Осознанная необходимость

Мне часто приходилось размышлять над марксовой трактовкой: “свобода — есть осознанная необходимость”. И каждый раз я восхищался поразительной казуистической точности этой формулировки и ее соответствию практически любой житейской ситуации.


Когда человек начинает ломиться к цели через все препоны и барьеры? Лишь когда доведен до последнего предела отчаяния и махнул рукой на условности, то есть ощутил себя свободным от прежних норм общежития, предписанных воспитанием и обществом, в котором живет. Если рассмотрим эту ситуацию на историческом уровне, то увидим: повсеместная ломка барьеров и устаревших устоев означает начало революционного отрицания неугодных норм бытия. То есть конечный смысл марксовой идеи неизменен: действовать начинают, когда отступать некуда и ждать по той или иной причине невозможно.

Эта безоглядность, безоговорочность, следовательно, и есть свобода. А затем, “отдействовав”, достигнув (или не достигнув) цели, индивид или общество вновь погрузятся в неподвижность и апатию. Короткий отрезок полной и слепой раскрепощенности, когда человек молотит по воздуху кулаками, не задумываясь о последствиях, и есть момент полной его “отвязанности”. Иначе я эту свободу представить не могу. Потому что, если действовать расчетливо и обдуманно, — какая же это свобода? Это все то же осторожное поползновение преодолеть связывающие путы, одна из разновидностей все той же зависимости — от кого-либо или чего-либо.

А может, подобное восприятие этой формулы продиктовано давним школьным воспоминанием?

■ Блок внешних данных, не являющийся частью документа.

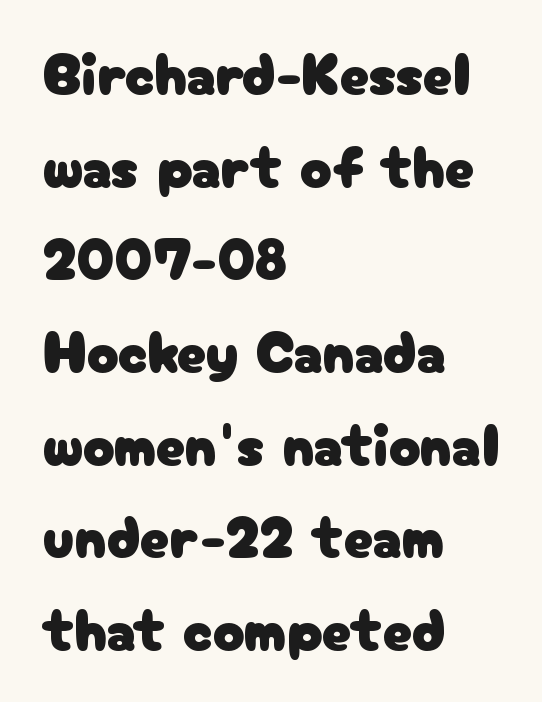
Successive baselines arrive at the customary interval. There is no visible air inserted between adjacent glyphs. The paragraph has a hard left edge and a soft right edge. The typography opts for an upright posture over an oblique one. Think of a printed novel: that variable character pitch is what you see here.
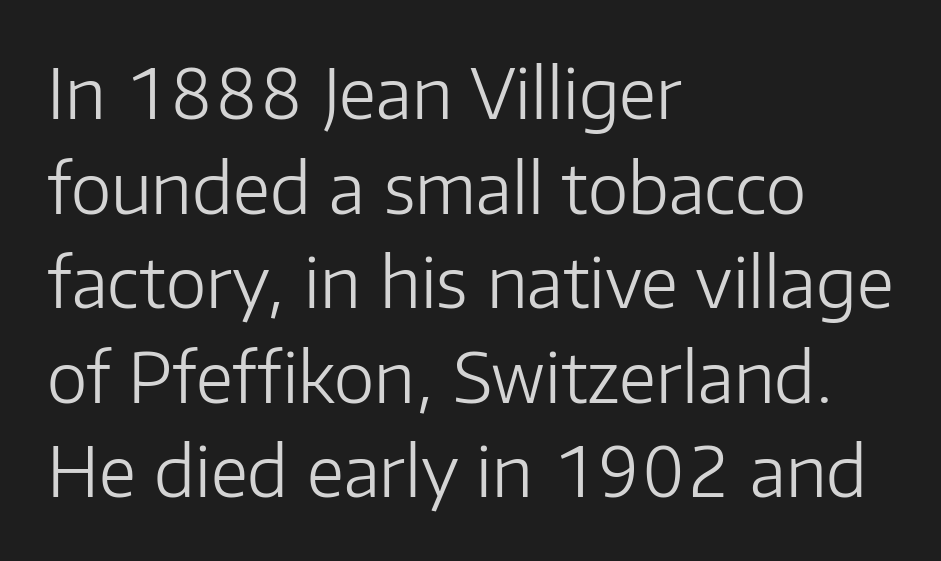
{"serif": "no", "italic": "no", "bold": "no", "weight": "light", "width": "normal", "stroke_contrast": "low", "x_height": "medium", "monospaced": "no", "underline": "no", "align": "left", "line_spacing": "normal", "line_spacing_ratio": 1.37, "letter_spacing": "normal", "letter_spacing_em": 0.0, "glyph_px": 69}

Историю и обществоведение нам преподавал замечательный педагог Роберт Яковлевич Моносзон. Седоватый, лысоватый, с живыми лукавыми глазами, всегда в накрахмаленной сорочке и при галстуке. Левой руки у Роберта Яковлевича не было, на правой сохранились большой крючковатый и средний пальцы, ими он держал указку или ручку, когда выводил оценки в журнале и дневниках. И вот когда стали обсуждать эту самую марксову формулу свободы и поднялся Сережа Валович и заявил, что не хочет идти в армию — а его ведь забреют, если не поступит в институт, где же тут свобода? — Роберт Яковлевич затараторил: “Что же противоречивого?” “А я не хочу в армию”, — уперся Валович. “Ну если осознаете такую необходимость…” — “Так могу я не ходить?” — “А вы осознали? Вы пока просто не хотите. А как осознаете…”

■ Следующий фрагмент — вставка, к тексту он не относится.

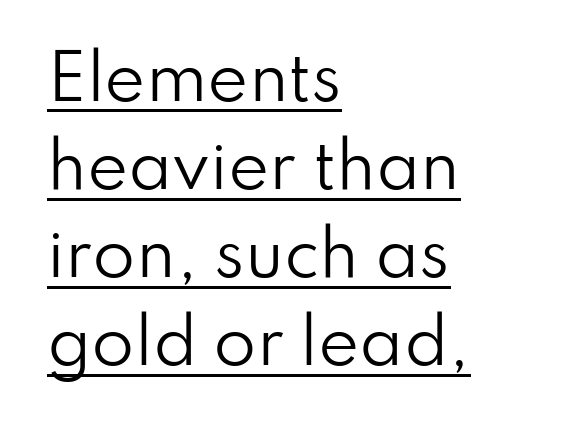
Think of a printed novel: that variable character pitch is what you see here. Unlike a traditional serif, this face leaves its strokes unadorned. The compositor pushed each line to the left boundary. Style check: upright.
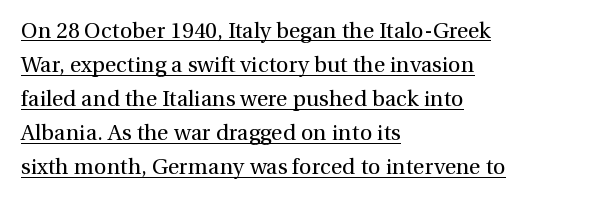
{"italic": "no", "bold": "no", "underline": "yes", "align": "left", "line_spacing": "normal", "line_spacing_ratio": 1.55, "letter_spacing": "normal", "letter_spacing_em": 0.0, "glyph_px": 22}

А что еще он мог сказать? Победно Роберт Яковлевич оглядывал класс, кажется, и сам теряясь и трепеща перед могуществом эквилибристической уловки. “Не хотеть — это одно. А осознать необходимость — совсем, совсем другое…” Тот школьный урок, преподанный сорок с лишним лет назад, я помню до сих пор.

* * *

Мне очень долго казалось (и сейчас кажется), что демонстрировать свое превосходство в чем-либо — это все равно что указать калеке на его ущербность. С глупыми я старался быть глупей, со злыми — прикидывался непонимающим, плохим писателям, когда они сами себя превозносили, стеснялся дать понять, что они бездарны. Ведь это могло обидеть. Я стеснялся даже своего роста, мне неловко было, что я высокий, я не хотел подавлять своими габаритами тех, кто ниже, меньше, кто совсем маленький — и потому, находясь рядом с ними, сутулился, опускал плечи. То есть опять-таки не позволял себе быть собой, подлаживался — из самых добрых побуждений. Так было до тех пор, пока я не понял, что жизнь проходит. А я не сделался собой настоящим. И только и успеваю угождать и жалеть. И я дал себе слово измениться.

И тут меня обсчитала кассирша. То есть меня и до этого обсчитывали, но в тот раз наглость была просто вопиющей. Однако боязнь уличить ее в нечестности, причинив этим боль, вновь не позволила мне возразить. Или дело было в настрое? Будь настроение понаглее — я бы все высказал? Прибавилась еще и всегдашняя неуверенность ни в чем: может, и обсчета не было, и тетка просто ошиблась? Но: если уверен, что человек честен и не подозреваешь его в обмане, так прямо и говоришь: вы ошиблись. Ничего зазорного в этом нет. Конечно, был обсчет. Утро, голова у кассирши не заморочена, увидела: перед ней — лох. Быстро пихнула полученные деньги в кассу. И я дал еще.

Поздравляю с наваром на чужом сочувствии, мадам!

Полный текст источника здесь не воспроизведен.